Emergency Response Studio by Paul Villinksi
by Lloyd Alter, Toronto
on 10.27.08

Artist Paul Villinski has done a fab refab of a prefab, stripping out the guts of a 30' Gulfstream Cavalier FEMA Trailer of all formaldehyde-contaminated materials and rebuilding it with recycled denim insulation, reclaimed wood floors and bamboo cabinetry.

It also has a whole lot of off-grid electronics, including "a 1.6 kilowatt photo-voltaic solar system featuring an array of nine large solar panels which tilt upward from the trailer's roof to face the sun. Additional power comes from a micro-wind turbine spinning atop a 40-foot high aluminum mast. Eight large batteries, each weighing as much as an average man, store this power and are seen underfoot through a clear Lucite floor section as one steps into the trailer."
-which is probably why the box has been dropped onto a steel chassis, to hold all of the extra weight.

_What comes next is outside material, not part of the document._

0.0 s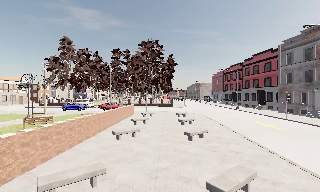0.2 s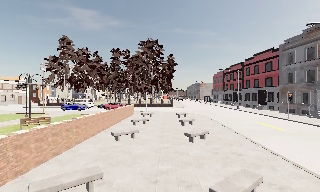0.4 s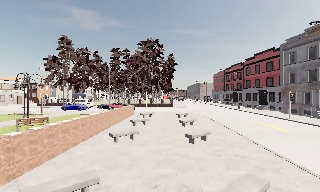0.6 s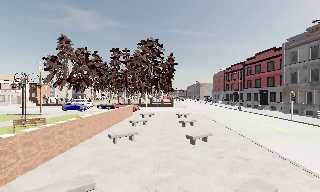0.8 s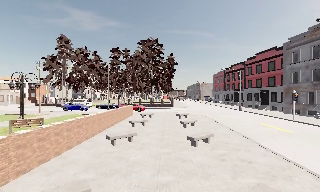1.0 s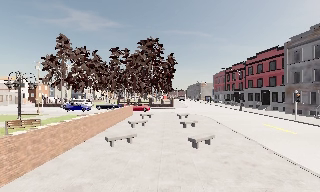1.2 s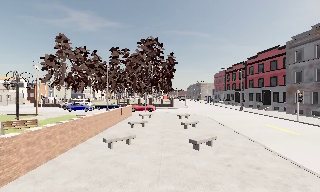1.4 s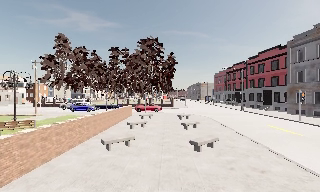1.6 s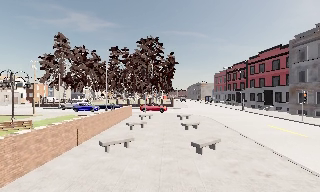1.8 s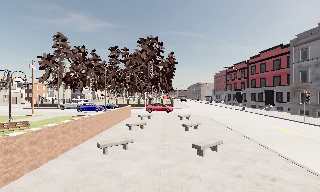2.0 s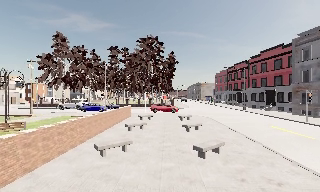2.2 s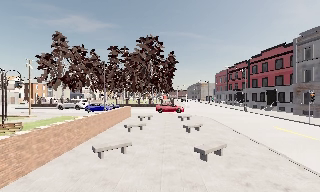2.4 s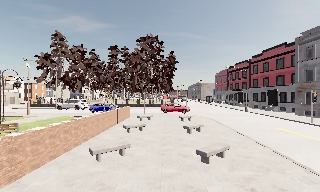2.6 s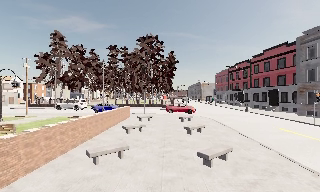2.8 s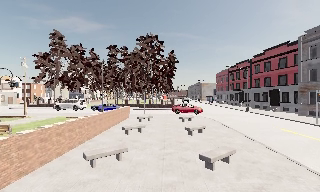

"A large wall section cranks down to become a deck, a ten-foot, geodesic skylight provides daylight and expansive headroom in the work area, and a thirteen-foot wall section has shed its aluminum siding in favor of clear polycarbonate sheathing. Symbolically, the structure is expansive, both opening outwardly and inviting the outside in, enabling free exchange between artist and environment in a collaboration of reinvention."
The Emergency Response Trailer will be open to the public at Prospect New Orleans from November 1 through January 18, 2009
Emergency Response Studio via Core 77
More on FEMA Trailers:
The Toxic Trailer Legacy
FEMA Trailers Had Too Much Particle Board, Too Little Ventilation ...
Toxic Trailers Not Just For FEMA.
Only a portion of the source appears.